Name: Series; Builder; Commissioned; Fate
CA 1: I.; Caproni, Taliedo, Kingdom of Italy; 15 April 1938; scuttled on 9 September 1943
CA 2: late April 1938; scuttled in 1944
CA 3: II.; January 1943; scuttled on 9 September 1943
CA 4: January 1943; scuttled on 9 September 1943

== Service ==
In 1942, after the United States entered the war, Junio Valerio Borghese, commander of the Decima MAS (the Italian Navy's special operations unit), devised a plan to attack New York Harbor using a CA type midget submarine and commando frogmen. The midget submarine would be transported across the Atlantic by being carried on the deck of a larger submarine.
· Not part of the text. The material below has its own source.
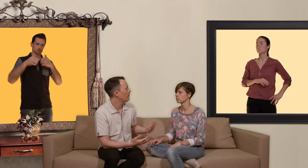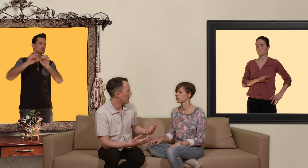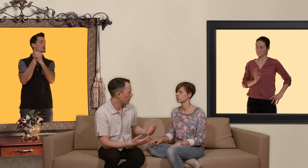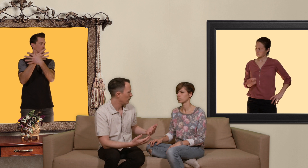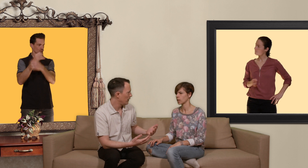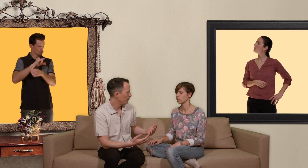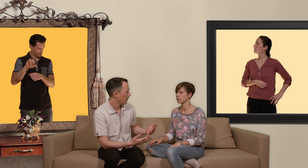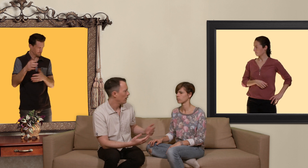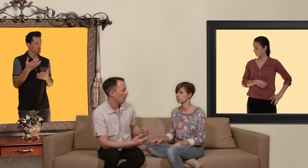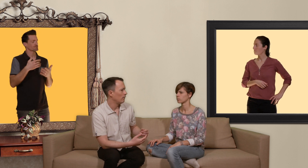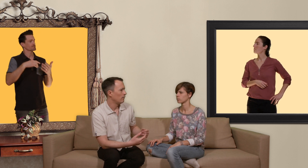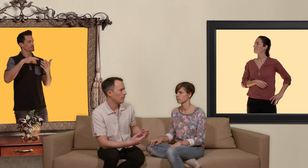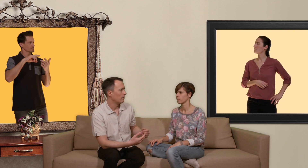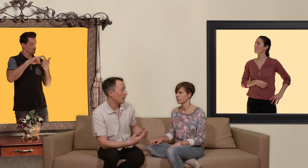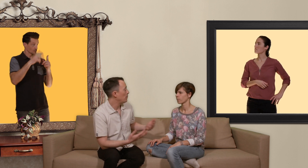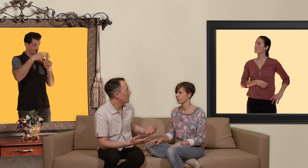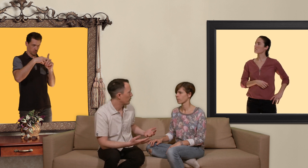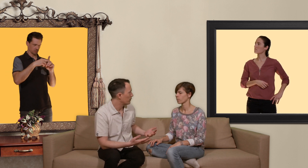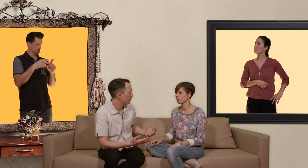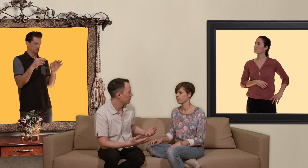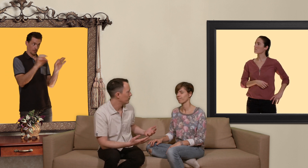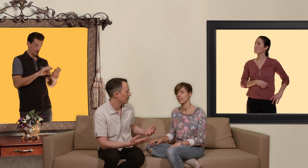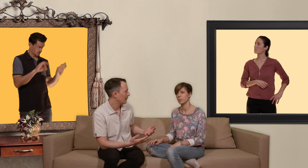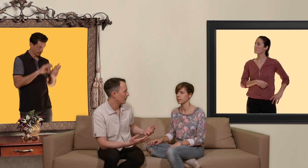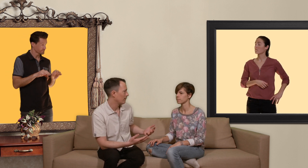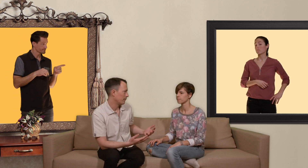ok. t'as pas mis de capote

The Italian submarine was chosen for the task and modified at the Italian base in Bordeaux (BETASOM). CA 2 was transported by rail from Italy and trials, which were conducted near La Pallice, were supervised by Borghese himself during late 1942. Leonardo Da Vinci was sunk in May 1943 before the operation could be carried out. No new boat was available and the Italian Armistice stopped further planning.

==See also==
- Italian submarines of World War II

==Bibliography==
- Conway's All the World's Fighting Ships 1922-46
- Kemp, Paul: Underwater Warriors (1996, Arms & Armour Press)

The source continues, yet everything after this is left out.